• **TASK GOAL**
Word for word, output the data, with none of its pictures.

[RECORD EXTRACTS Boundary: Start]

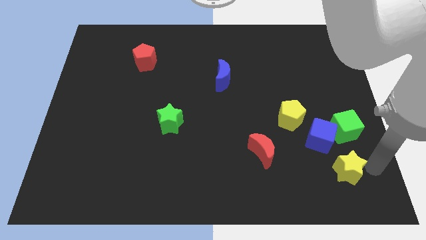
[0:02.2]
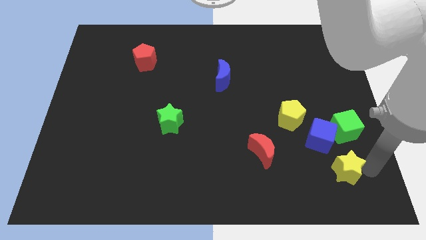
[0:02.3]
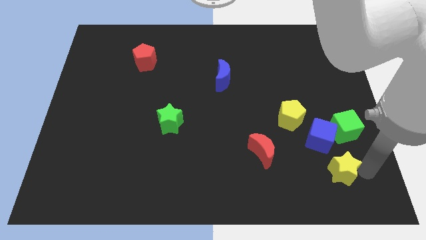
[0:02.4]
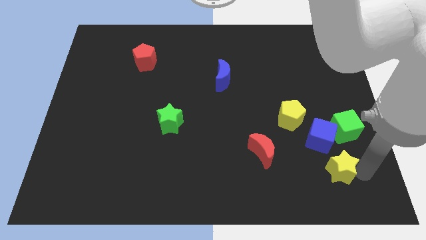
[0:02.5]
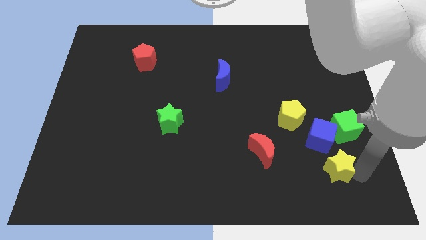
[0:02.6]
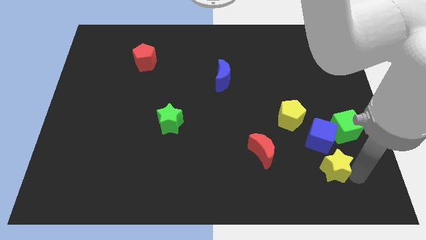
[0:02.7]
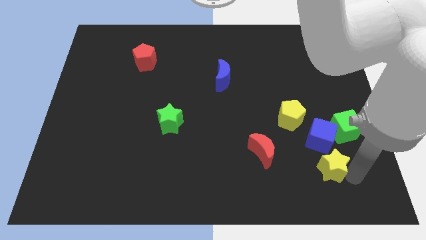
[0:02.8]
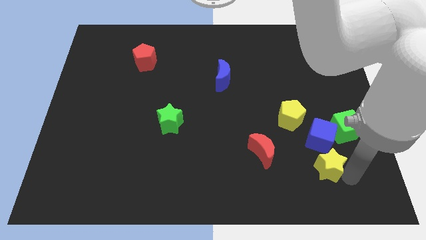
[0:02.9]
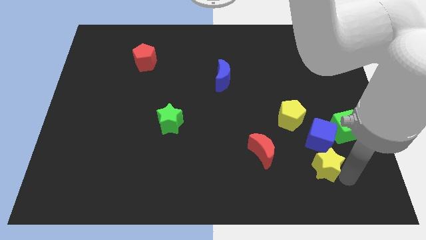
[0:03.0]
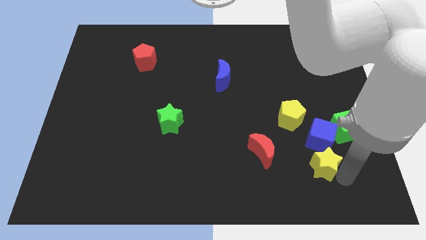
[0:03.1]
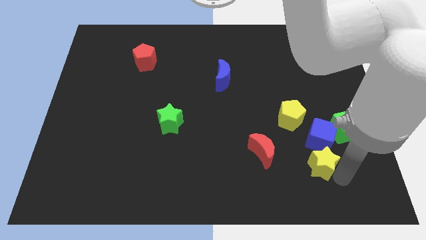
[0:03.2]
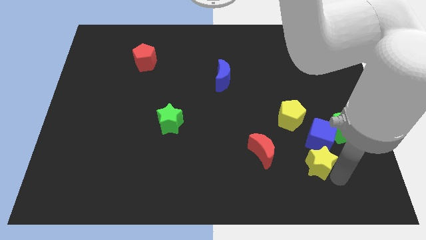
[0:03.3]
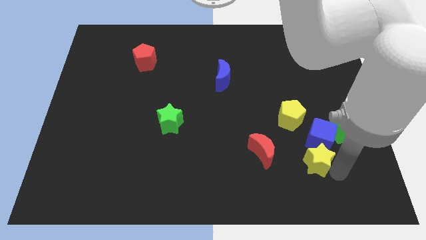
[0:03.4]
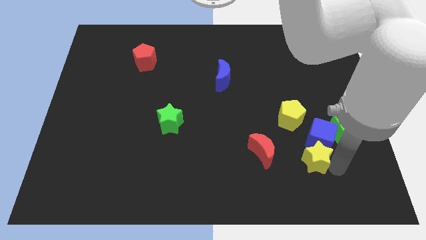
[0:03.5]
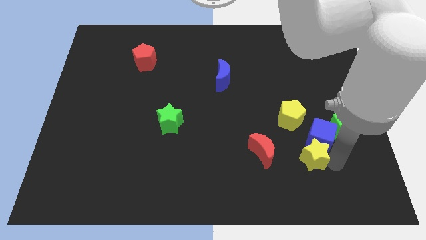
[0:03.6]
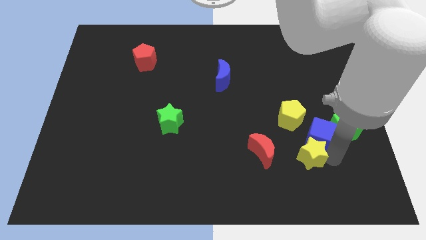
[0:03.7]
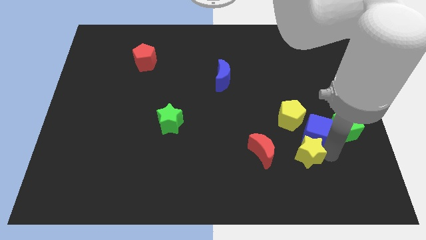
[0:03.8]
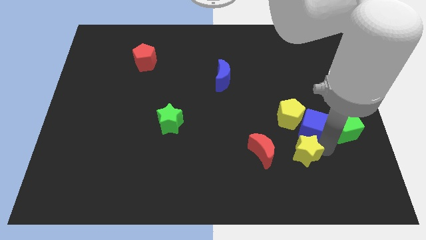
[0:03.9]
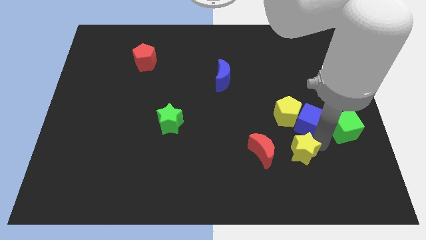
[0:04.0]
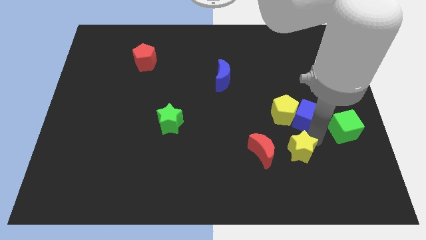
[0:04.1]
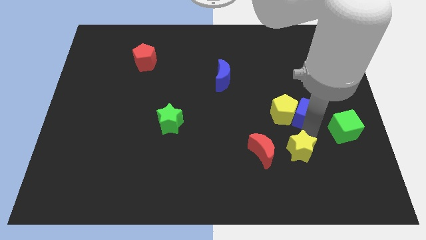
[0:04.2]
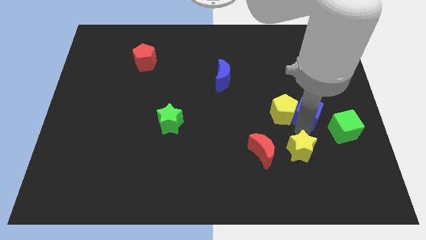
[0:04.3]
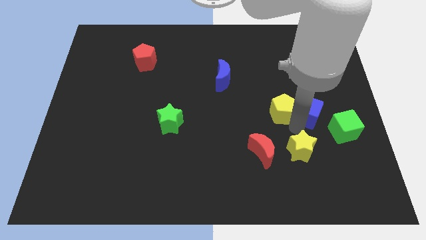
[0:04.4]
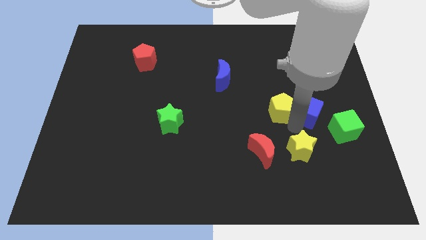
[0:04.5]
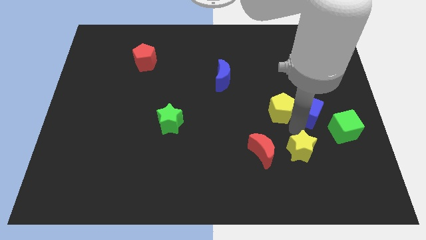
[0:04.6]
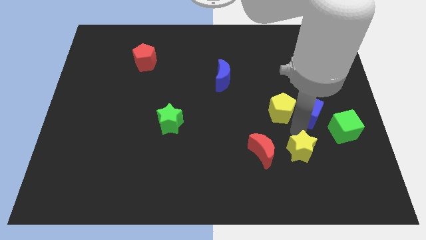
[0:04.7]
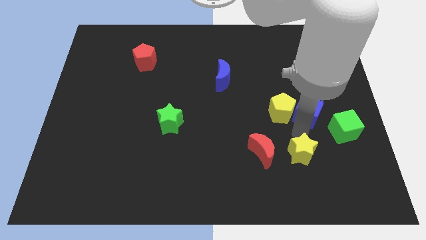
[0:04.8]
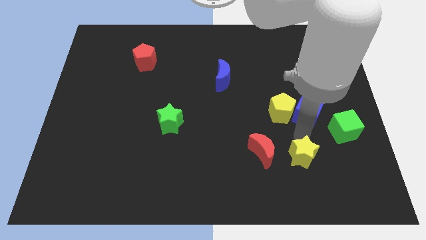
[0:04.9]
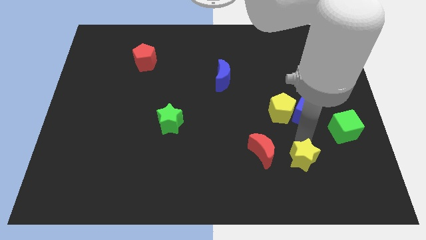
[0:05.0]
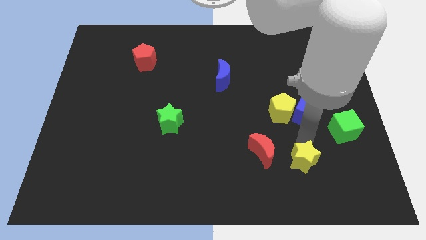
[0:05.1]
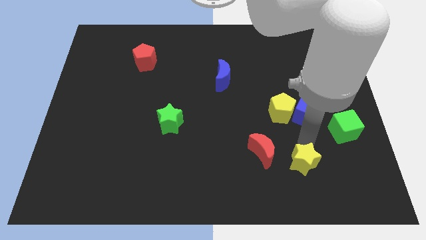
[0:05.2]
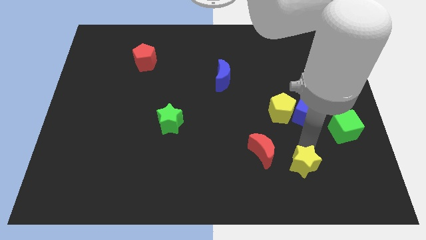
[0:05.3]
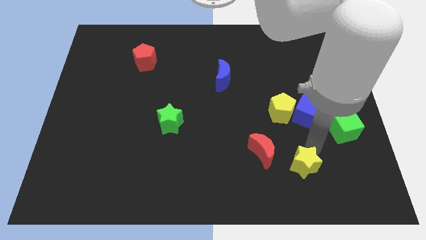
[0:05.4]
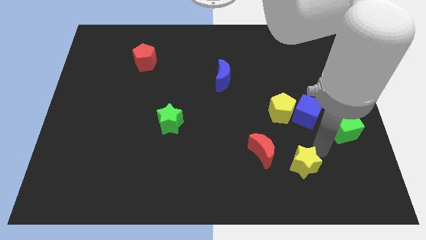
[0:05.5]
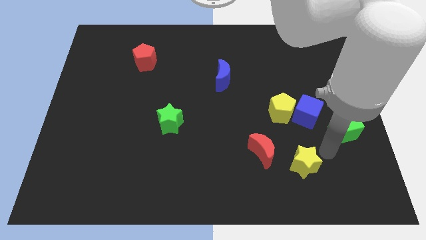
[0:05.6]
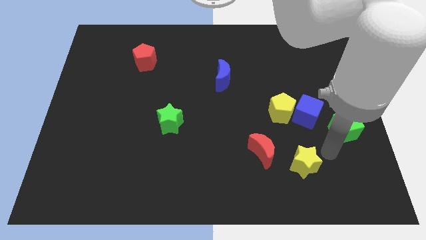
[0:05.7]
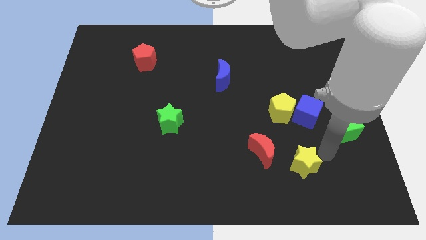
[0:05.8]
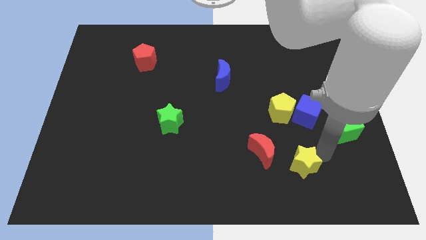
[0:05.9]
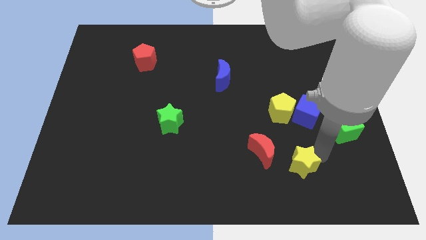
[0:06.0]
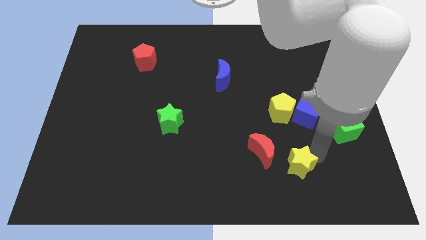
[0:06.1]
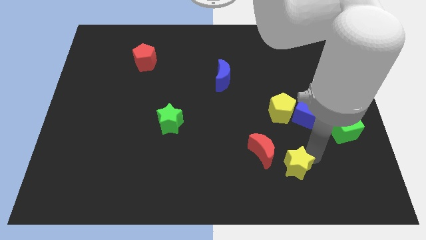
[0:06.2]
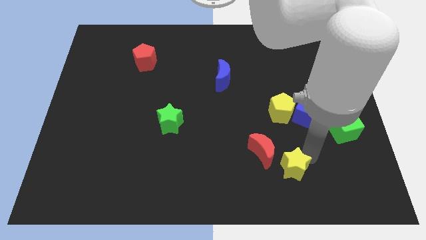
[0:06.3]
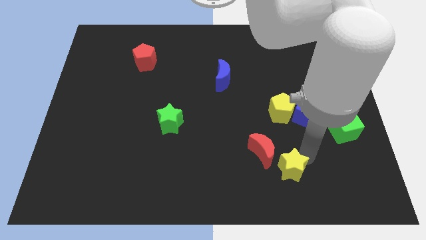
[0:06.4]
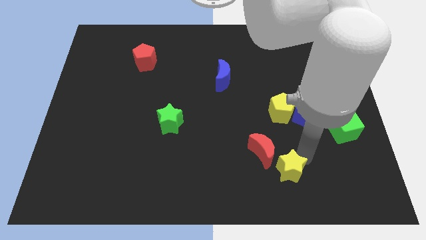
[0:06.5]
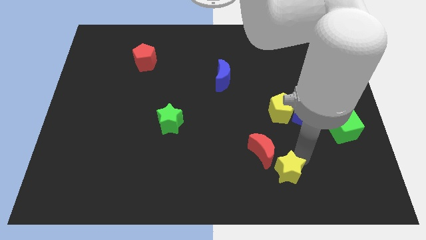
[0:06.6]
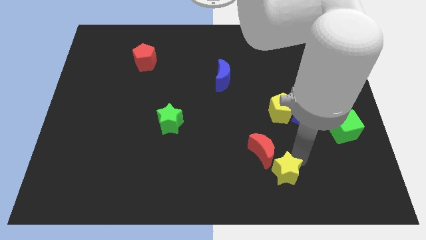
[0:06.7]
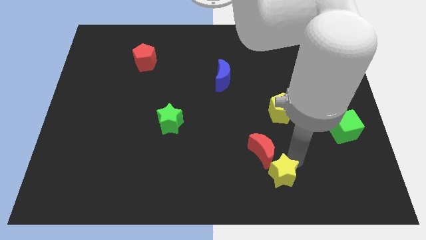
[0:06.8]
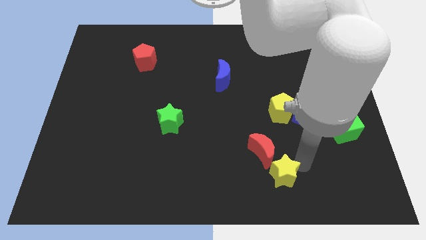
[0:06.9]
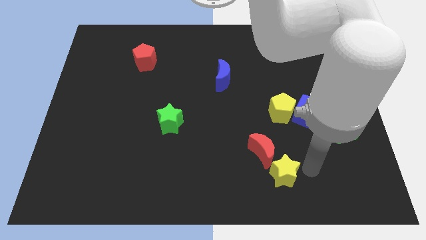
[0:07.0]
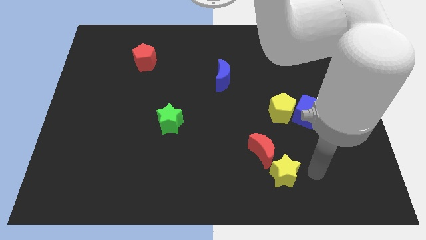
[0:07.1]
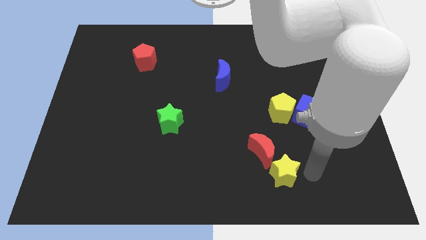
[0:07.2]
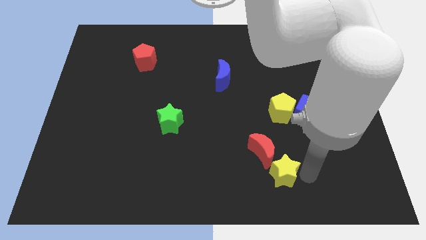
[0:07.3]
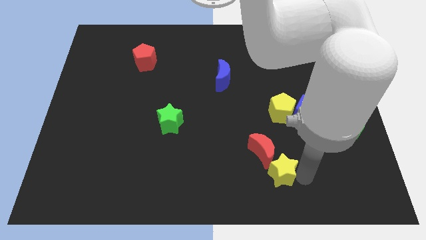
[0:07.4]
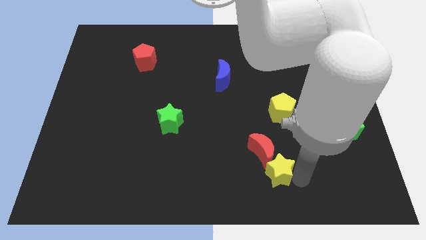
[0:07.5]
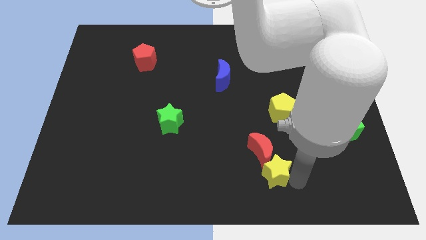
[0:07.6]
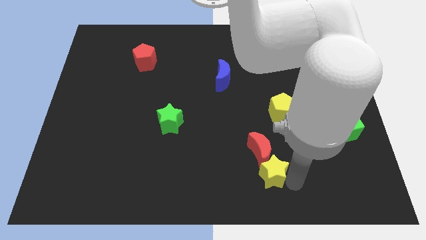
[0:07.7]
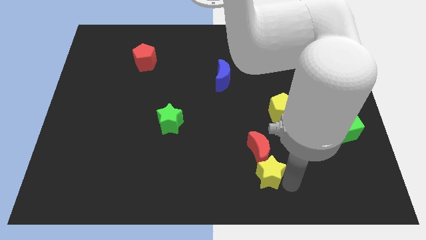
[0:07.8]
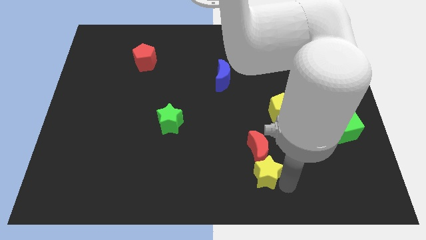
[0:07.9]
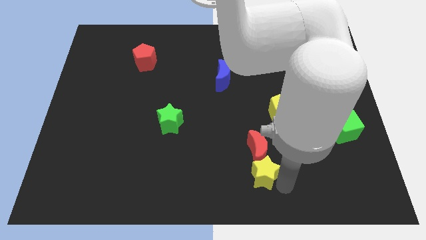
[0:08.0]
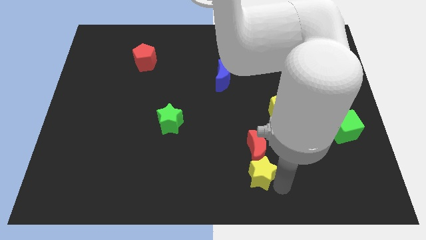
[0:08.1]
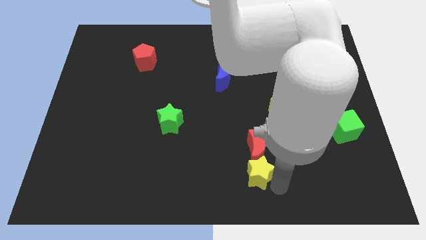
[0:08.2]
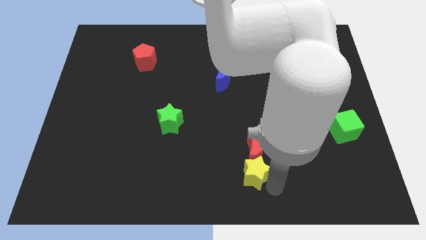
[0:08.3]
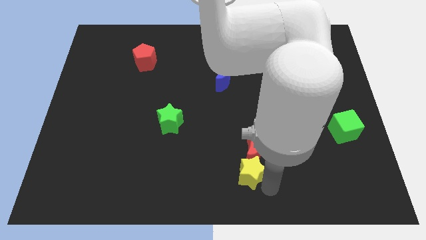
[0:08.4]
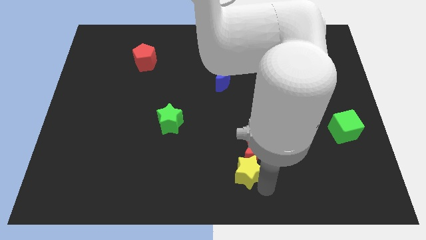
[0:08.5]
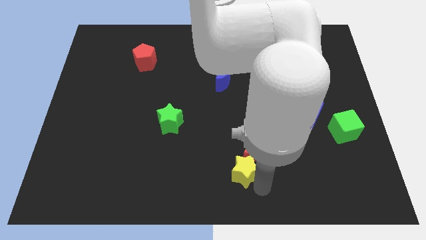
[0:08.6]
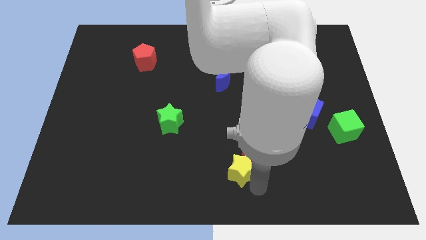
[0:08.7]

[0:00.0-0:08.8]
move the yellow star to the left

[RECORD EXTRACTS Boundary: End]

• **WRITTEN RESPONSE**
[0:02.2]
[0:02.3]
[0:02.4]
[0:02.5]
[0:02.6]
[0:02.7]
[0:02.8]
[0:02.9]
[0:03.0]
[0:03.1]
[0:03.2]
[0:03.3]
[0:03.4]
[0:03.5]
[0:03.6]
[0:03.7]
[0:03.8]
[0:03.9]
[0:04.0]
[0:04.1]
[0:04.2]
[0:04.3]
[0:04.4]
[0:04.5]
[0:04.6]
[0:04.7]
[0:04.8]
[0:04.9]
[0:05.0]
[0:05.1]
[0:05.2]
[0:05.3]
[0:05.4]
[0:05.5]
[0:05.6]
[0:05.7]
[0:05.8]
[0:05.9]
[0:06.0]
[0:06.1]
[0:06.2]
[0:06.3]
[0:06.4]
[0:06.5]
[0:06.6]
[0:06.7]
[0:06.8]
[0:06.9]
[0:07.0]
[0:07.1]
[0:07.2]
[0:07.3]
[0:07.4]
[0:07.5]
[0:07.6]
[0:07.7]
[0:07.8]
[0:07.9]
[0:08.0]
[0:08.1]
[0:08.2]
[0:08.3]
[0:08.4]
[0:08.5]
[0:08.6]
[0:08.7]

[0:00.0-0:08.8]
move the yellow star to the left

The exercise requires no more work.